First, the fiduciaries disclosed the expense ratios and performance data for each fund in a “Returns and Fees” document included in an enrollment kit that participants received before they enrolled in the plan and selected investments. The participants, further, signed the enrollment form, confirming acknowledgment of the fees and risks related to the various investment options.
Next, the court found that detailed information regarding the plan’s fees and expenses was mailed to the plan participants in 2012. Specifically, the fiduciaries mailed out Summary Annual Report (SAR) Notices disclosing the annual operating expenses for each of the funds offered under the plan.
Finally, the court noted that the participants received detailed quarterly benefit statements that disclosed: a participant’s account value, personal rate of return, beginning and ending balances, projections for future income and investments, other investment options, a summary of charges and fees, and a warning that past performance was not a guarantee of future results. The quarterly statements also referred the participants to a mutual fund provider’s website, which contained detailed fee information, past performance data, annual operating expenses, and expense ratios for each investment option.

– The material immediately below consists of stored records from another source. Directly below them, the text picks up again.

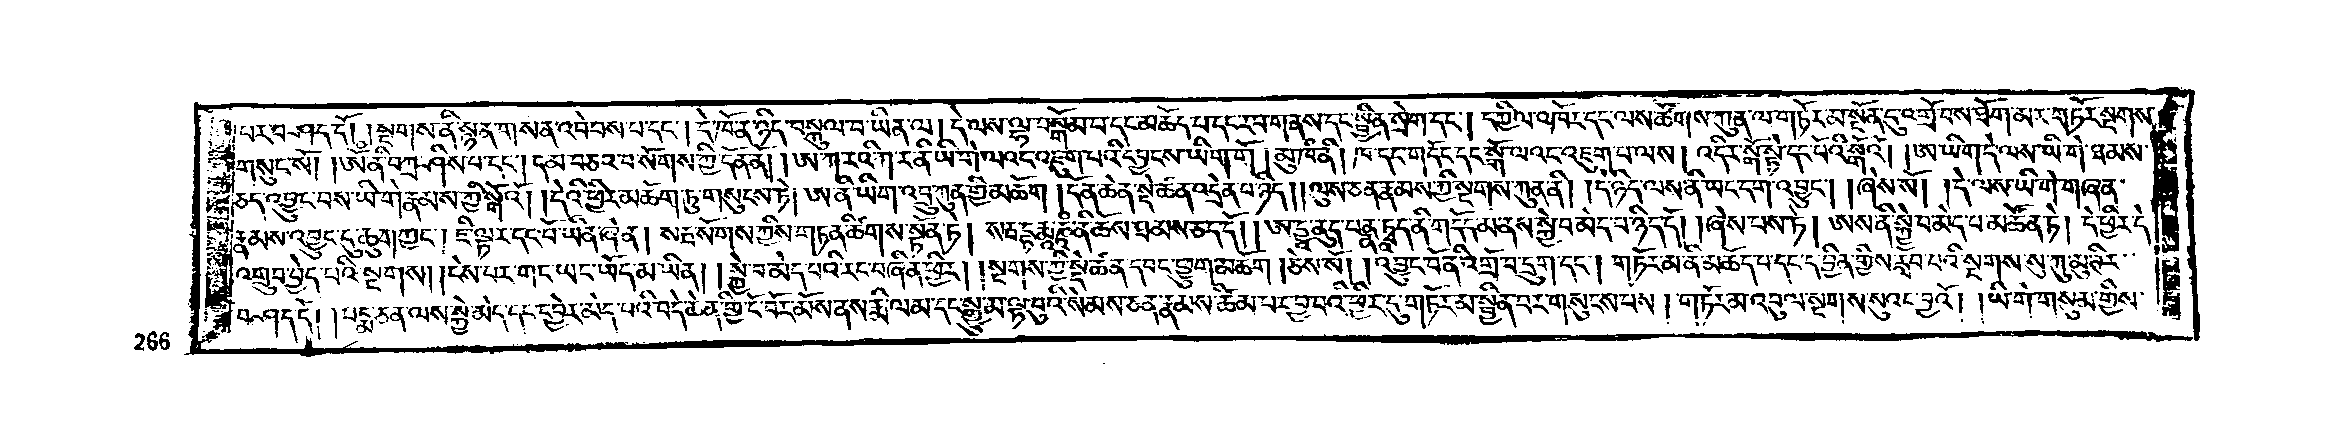པར་བཤད་དོ། །སྔགས་ནི་སྙན་གསན་འབེབས་པ་དང་། དེ་ཁོ་ན་ཉིད་བསྐུལ་བ་ཡིན་ལ། དེ་ལས་ལྷ་བསྒོམ་པ་དང་མཆོད་པ་དང་རབ་གནས་དང་སྦྱིན་སྲེག་དང་། དཀྱིལ་འཁོར་དང་ལས་ཚོགས་ཀུན་ལ་གཏོར་མ་སྔོན་དུ་འགྲོ་བས་ཐོག་མར་གཏོར་སྔགས་
གསུང་སོ། །ཨོཾ་ནི་བཀྲ་ཤིས་པ་དང་། དམ་བཅའ་བ་སོགས་ཀྱི་དོན་ནོ། །ཨ་ཀ་རའི་ཀ་ར་ནི་ཡི་གེ་ལའང་འཇུག་པའི་དབྱངས་ཡིག་གོ །མུ་ཁཾ་ནི། ཁ་དང་གདོང་དང་སྒོ་ལའང་འཇུག་པ་ལས། འདིར་སྒོ་སྟེ་དང་པོའི་སྒོའོ། །ཨ་ཡིག་དེ་ལས་ཡི་གེ་ཐམས་
ཅད་འབྱུང་བས་ཡི་གེ་རྣམས་ཀྱི་སྒོའོ། །དེའི་ཕྱིར་མཆོག་ཏུ་གསུངས་ཏེ། ཨ་ནི་ཡིག་འབྲུ་ཀུན་གྱི་མཆོག །དོན་ཆེན་སྡེ་ཚན་འདྲེན་པ་ཉིད། །ལུས་ཅན་རྣམས་ཀྱི་སྔགས་ཀུན་ནི། །དེ་ཉིད་ལས་ནི་ཡང་དག་འབྱུང་། །ཞེས་སོ། །དེ་ལས་ཡི་གེ་གཞན་
རྣམས་འབྱུང་དུ་ཆུག་ཀྱང་། ཇི་ལྟར་དང་པོ་ཡིན་ཞེ་ན། སརྦ་སོགས་ཀྱིས་གཏན་ཚིགས་སྟོན་ཏེ། སརྦ་དྷརྨཱ་ཎཱཾ་ནི་ཆོས་ཐམས་ཅད་དོ། །ཨ་ཌྱཱ་ནུད་པནྣ་ཏྭཱད་ནི་གདོད་མ་ནས་སྐྱེ་བ་མེད་པ་ཉིད་དོ། །ཞེས་པས་ཏེ། ཨས་ནི་སྐྱེ་བ་མེད་པ་མཚོན་ཏེ། དེ་ཕྱིར་དེ་
འགྲུབ་བྱེད་པའི་སྔགས། །ངེས་པར་གང་ཡང་ཡོད་མ་ཡིན། །སྐྱེ་བ་མེད་པའི་རང་བཞིན་ཕྱིར། །སྔགས་ཀྱི་སྡེ་ཚན་དབང་ཕྱུག་མཆོག །ཅེས་སོ། །འབྱུང་བོ་ནི་འགྲོ་བ་དྲུག་དང་། གཏོར་མ་ནི་མཆོད་པ་དང་དེ་བྱིན་གྱིས་རློབ་པའི་སྔགས་སུ་ཀུ་མུ་ཊིར་
བཤད་དོ། །པདམ་ཅན་ལས་སྐྱེ་མེད་དང་དབྱེར་མེད་པའི་བདེ་ཆེན་གྱི་ངོ་བོར་མོས་ནས་རྨི་ལམ་དང་སྒྱུ་མ་ལྟ་བུའི་སེམས་ཅན་རྣམས་ཚིམ་པར་བྱ་བའི་ཕྱིར་དུ་གཏོར་མ་སྦྱིན་པར་གསུངས་པས། གཏོར་མ་འབུལ་སྔགས་སུའང་བྱའོ། །ཡི་གེ་གསུམ་གྱིས་
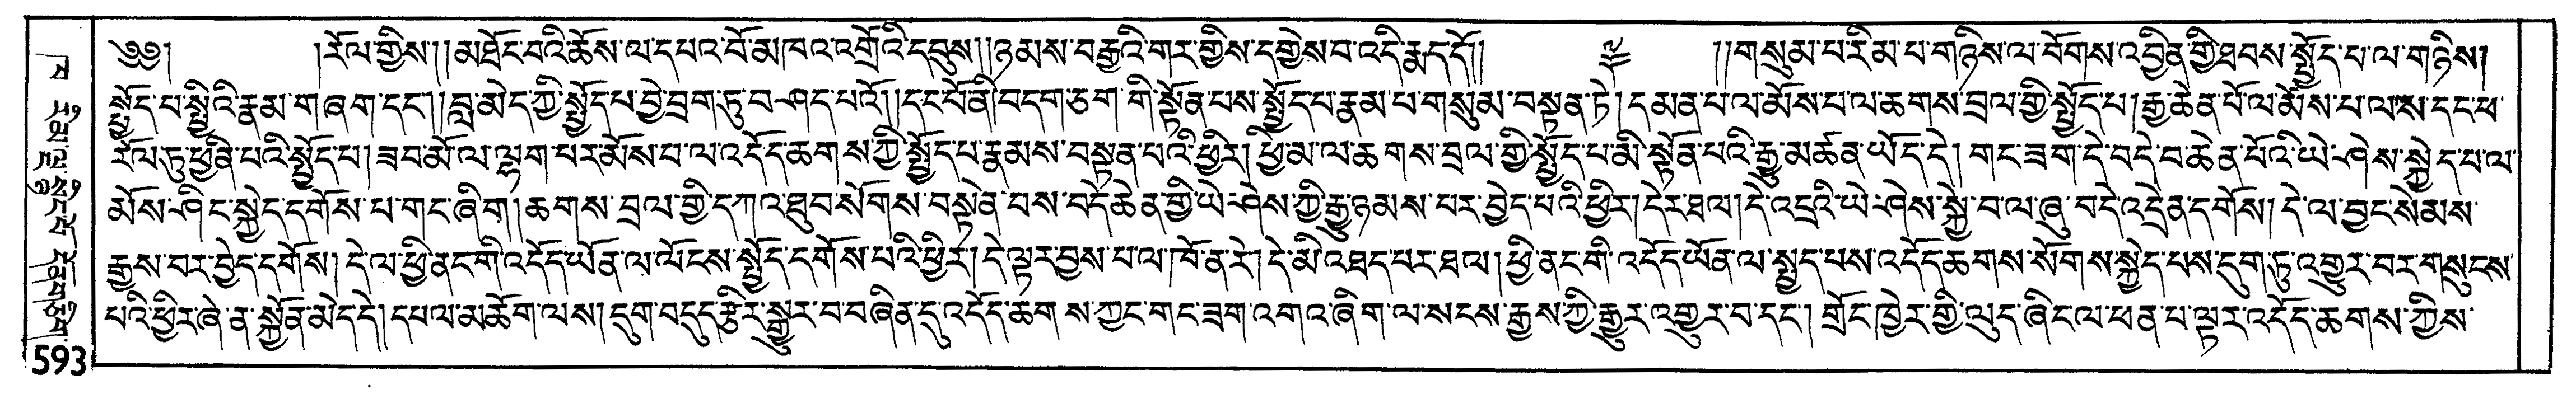༄༅། །རོལ་གྱིས། །མཐོང་བའི་ཆོས་ལ་དཔའ་བོ་མཁའ་འགྲོའི་དབུས། །ཉམས་བརྒྱའི་གར་གྱིས་དགྱེས་བ་འདི་རྨད་དོ།། ༈ །།གསུམ་པ་རིམ་པ་གཉིས་ལ་བོགས་འབྱིན་གྱི་ཐབས་སྤྱོད་པ་ལ་གཉིས།
སྤྱོད་པ་སྤྱིའི་རྣམ་གཞག་དང་། །བླ་མེད་ཀྱི་སྤྱོད་པ་བྱེ་བྲག་ཏུ་བཤད་པའོ། །དང་པོ་ནི། བདག་ཅག་གི་སྟོན་པས་སྤྱོད་པ་རྣམ་པ་གསུམ་བསྟན་ཏེ། དམན་པ་ལ་མོས་པ་ལ་ཆགས་བྲལ་གྱི་སྤྱོད་པ། རྒྱ་ཆེན་པོ་ལ་མོས་པ་ལ་ས་དང་ཕ་
རོལ་ཏུ་ཕྱིན་པའི་སྤྱོད་པ། ཟབ་མོ་ལ་ལྷག་པར་མོས་པ་ལ་འདོད་ཆགས་ཀྱི་སྤྱོད་པ་རྣམས་བསྟན་པའི་ཕྱིར། ཕྱི་མ་ལ་ཆགས་བྲལ་གྱི་སྤྱོད་པ་མི་སྟོན་པའི་རྒྱུ་མཚན་ཡོད་དེ། གང་ཟག་དེ་བདེ་བ་ཆེན་པོའི་ཡེ་ཤེས་སྐྱེད་པ་ལ་
མོས་ཤིང་སྐྱེད་དགོས་པ་གང་ཞིག །ཆགས་བྲལ་གྱི་དཀའ་ཐུབ་སོགས་བསྟེན་པས་བདེ་ཆེན་གྱི་ཡེ་ཤེས་ཀྱི་རྒྱུ་ཉམས་པར་བྱེད་པའི་ཕྱིར། དེར་ཐལ། དེ་འདྲའི་ཡེ་ཤེས་སྐྱེ་བ་ལ་ཞུ་བདེ་འདྲེན་དགོས། དེ་ལ་བྱང་སེམས་
རྒྱས་བར་བྱེད་དགོས། དེ་ལ་ཕྱི་ནང་གི་འདོད་ཡོན་ལ་ལོངས་སྤྱོད་དགོས་པའི་ཕྱིར། དེ་ལྟར་བྱས་པ་ལ་ཁོ་ན་རེ། དེ་མི་འཐད་པར་ཐལ། ཕྱི་ནང་གི་འདོད་ཡོན་ལ་སྤྱད་པས་འདོད་ཆགས་སོགས་སྐྱེད་པས་དུག་ཏུ་འགྱུར་བར་གསུངས་
པའི་ཕྱིར་ཞེ་ན་སྐྱོན་མེད་དེ། དཔལ་མཆོག་ལས། དུག་བདུད་རྩིར་སྒྱུར་བ་བཞིན་དུ་འདོད་ཆགས་ཀྱང་གང་ཟག་འགའ་ཞིག་ལ་སངས་རྒྱས་ཀྱི་རྒྱུར་འགྱུར་བ་དང་། གྲོང་ཁྱེར་གྱི་ལུད་ཞིང་ལ་ཕན་པ་ལྟར་འདོད་ཆགས་ཀྱིས་

The cumulative evidence indicated to the court that there was no genuine dispute that the participants knew or should have known the expense ratio of the investment options offered under the plan. Thus, the participants had actual knowledge of the underlying facts giving rise to the alleged ERISA violations. The fact that the participants may not have read the information, the court explained, was not relevant to their actual knowledge. The determinative factor triggering the statute of limitations was the disclosure to the participants of the information underlying the complaint.
Continuing duty to monitor does not preclude application of three-year limitations period. The participants alternatively maintained that ERISA imposes an ongoing fiduciary duty to monitor plan investments, which effectively rendered the failure of the fiduciaries to remove the imprudent investment options actionable year after year. The participants relied on Tibble v. Edison Int’l (U.S. Sup. Ct (2015), 135 S. Ct 1823), in which the Supreme Court held that participants may allege a breach of fiduciary duty based on the failure to properly monitor and remove imprudent investments, as long as the alleged breach of the continuing duty occurred within 6 years of the suit being filed. The trial court, however, noted that Tibble involved application of the six-year statute of limitations under ERISA Sec. 413(1). Absent actual knowledge of a breach, the court agreed, the six-year statute of limitations applies. By contrast, however, the three-year limitations period under ERISA Sec. 413(2) governs when, as in the instant case, a plaintiff has actual knowledge of a breach, even if the breach is of a continuing nature. To apply the continuous violation theory to ERISA Sec. 413(2), the court reasoned, would supplant the plain language of the statute.